Tuesday, April 15, 2014

Druids & Alchemy

I can't imagine there's anyone out there reading who hasn't come across this yet, but I had been working on redoing my sage abilities from ages ago.  The Work blog, that hasn't gotten that much attention, has new content, mostly applied to the cleric.  I've just put up a first one for the druid, which doesn't include as much as I'd like . . . but it talks about Alchemy, which I'd like to discuss here.

Here's the reprinted Alchemy section:

Amateur: distill liquid, identify substance, prepare ingestive poisons, smelt natural metals
Authority: fabricate minor acids, ointments & salves, identify uncommon substance, isolate gas, prepare insinuative poisons
Expert: fabricate & identify major ointments, paints & potions, smelt magical metals
Sage: fabricate exceptional elements

Each of the above presumes that the druid is in possession of the necessary space, tools, furnace, materials and ingredients required to create each of the above substances. It should also be clear that, unless the druid possesses other skills that may originate elsewhere, the various metals, earths, liquids and so on that are created cannot be then manufactured into items. For example, while the expert may be able to smelt mithril, it does not follow that the individual would then be able to process that metal into a sword or armor. Such would require an artisan with those skills. Similarly, while the druid might be able to create a potion of fire resistance, it does not then follow that this ability could be installed into a suit of armor or a helmet.
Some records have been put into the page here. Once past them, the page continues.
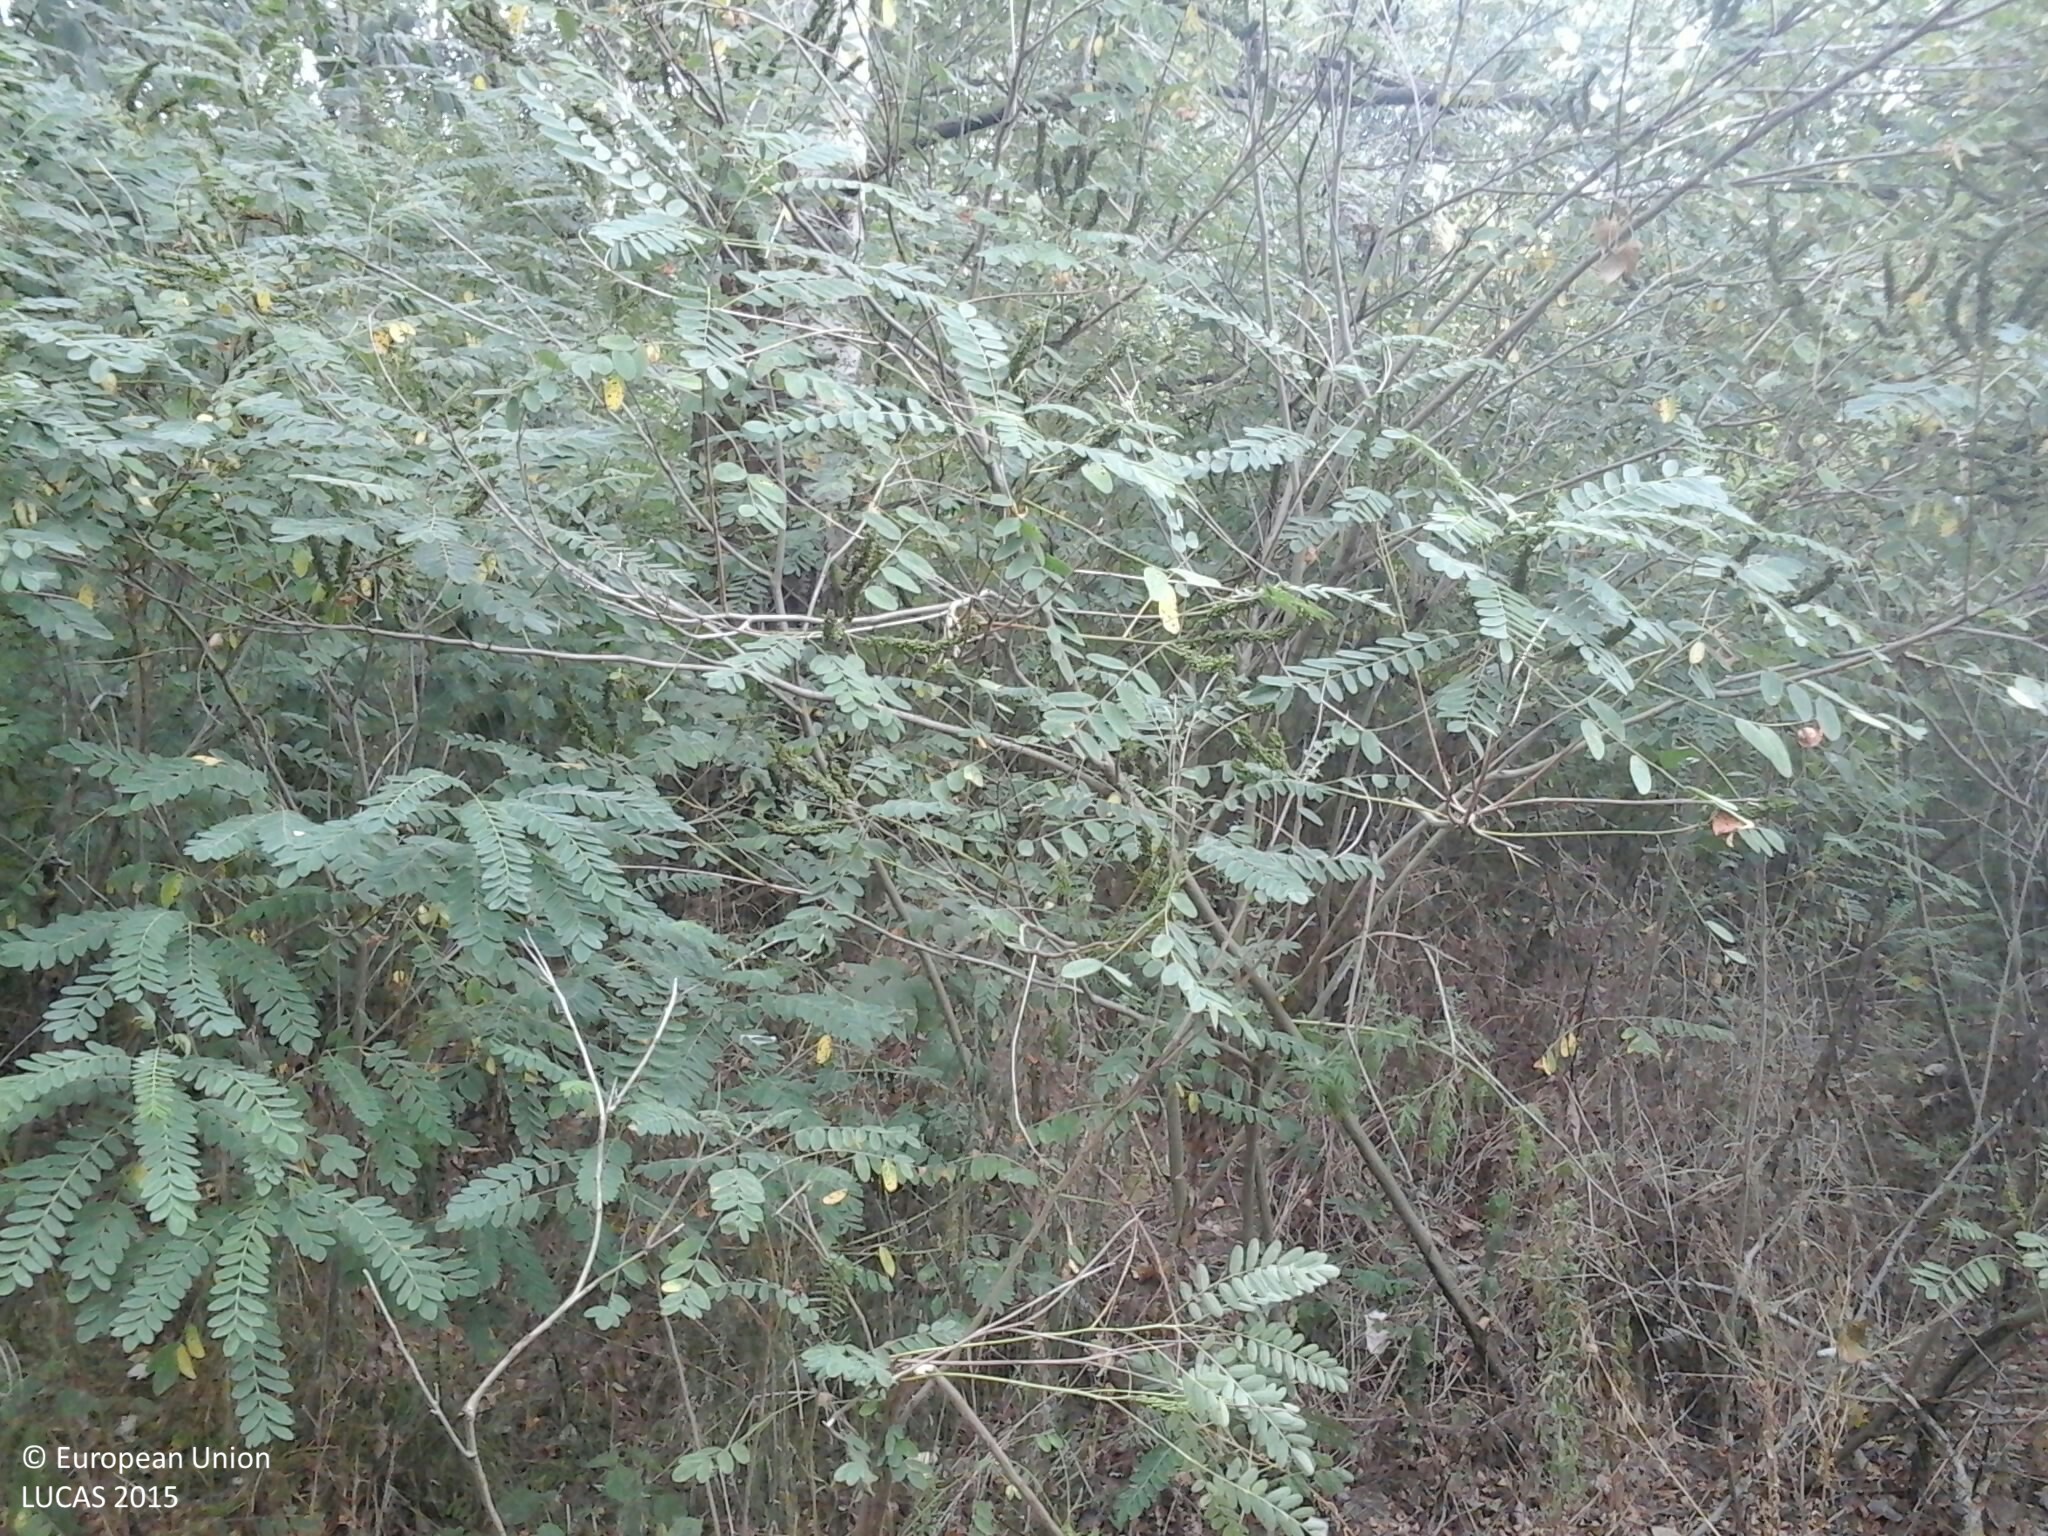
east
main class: Woodland
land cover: Broadleaved woodland
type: floodplain forest
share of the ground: > 75 %
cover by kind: broadleaved forest trees 90 %, shrubs 5 %, herbaceous plants 5 %
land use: Forestry
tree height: < 5 m
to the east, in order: Broadleaved woodland; Tracks; Broadleaved woodland; Tracks; Broadleaved woodland
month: July
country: HU
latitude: 46.9577
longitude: 20.1302
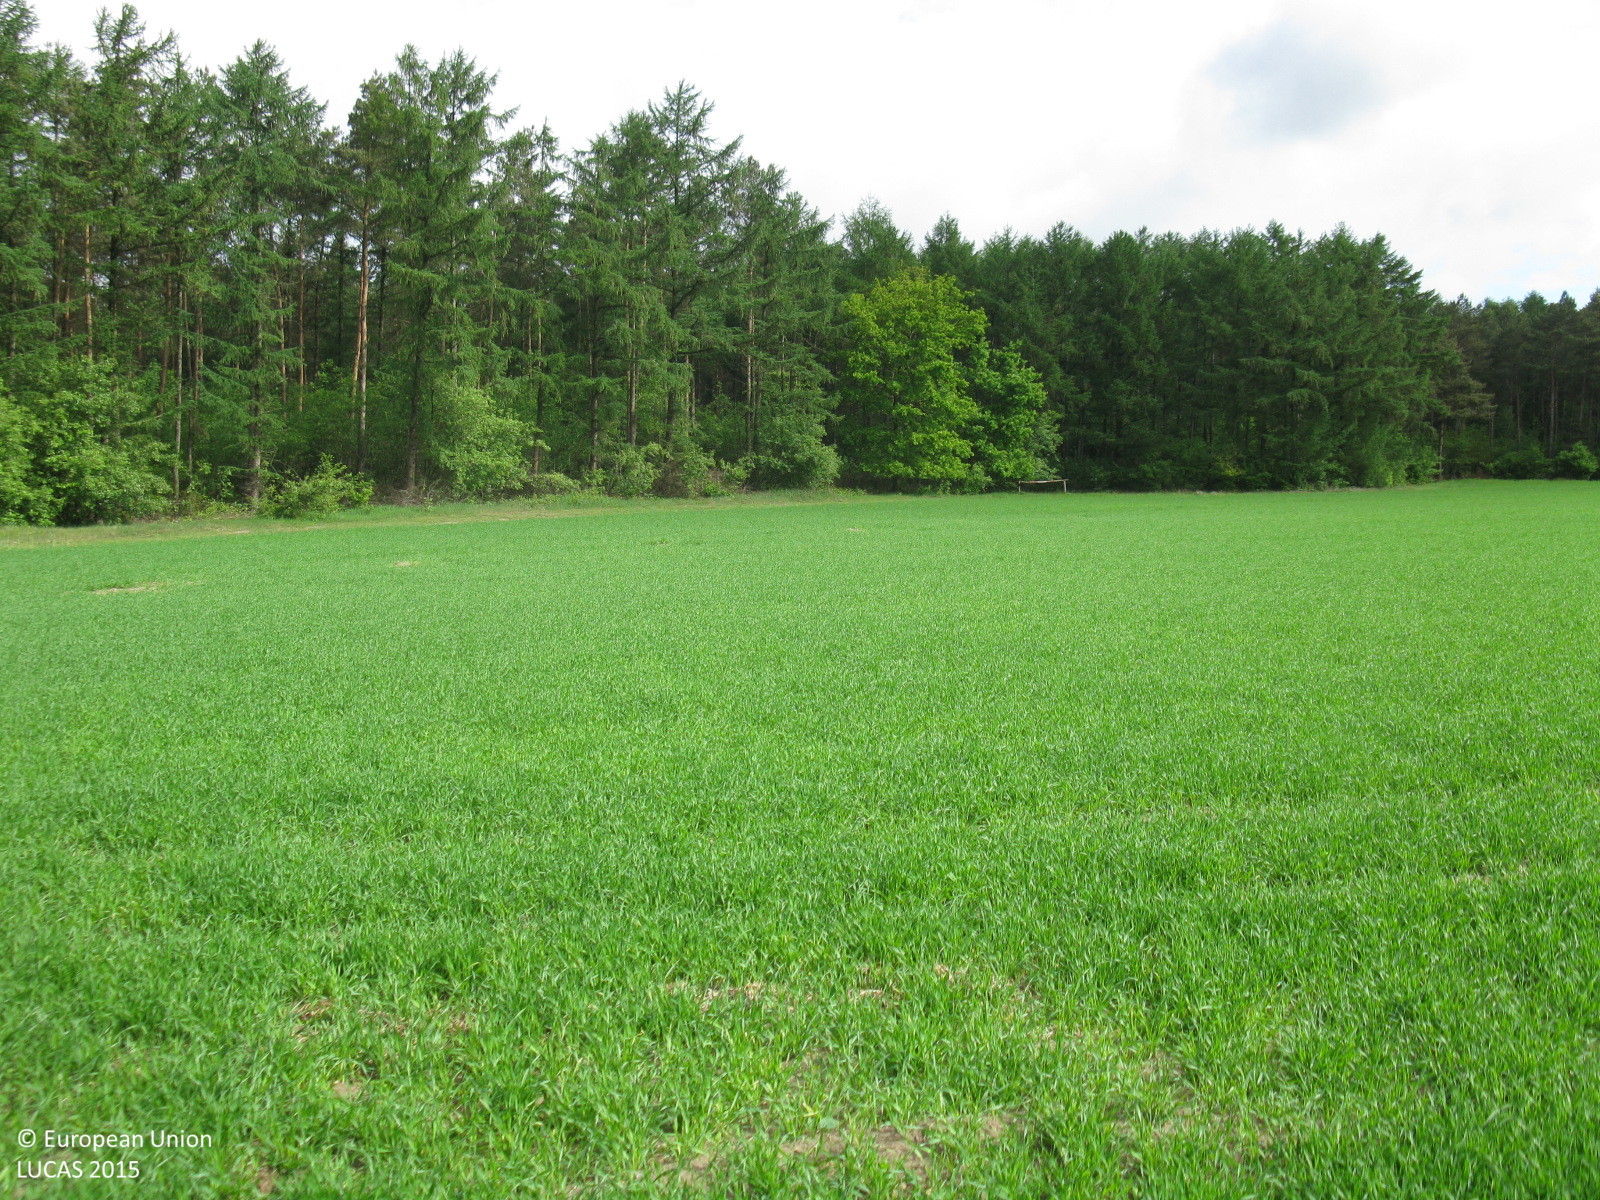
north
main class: Cropland
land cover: Barley
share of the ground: > 75 %
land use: Agriculture (excluding fallow land and kitchen gardens)
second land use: Community services
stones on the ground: < 10 %
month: May
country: DE
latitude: 52.8173
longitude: 7.4335

The druid can create the potion, not the effect as it would occur in other mediums.

Moreover, note that none of the above is created by spell or magic, but rather by hard, difficult work. Some items, such as the creation of the portable hole (which is a pure elemental substance) would be subject to danger rolls, in keeping with the DMG’s discussion of such things. The creation of these things will take time, effort and coin, along with potential loss of health.


Distilled liquids would include pure water and alcohol, along with a host of other liquids that could be obtained from their source by the druid. Identify common substance gives the name for natural earths and liquids. Ingestive poisons must be drunk to be effective. Natural metals include those which may be obtained from earthly minerals.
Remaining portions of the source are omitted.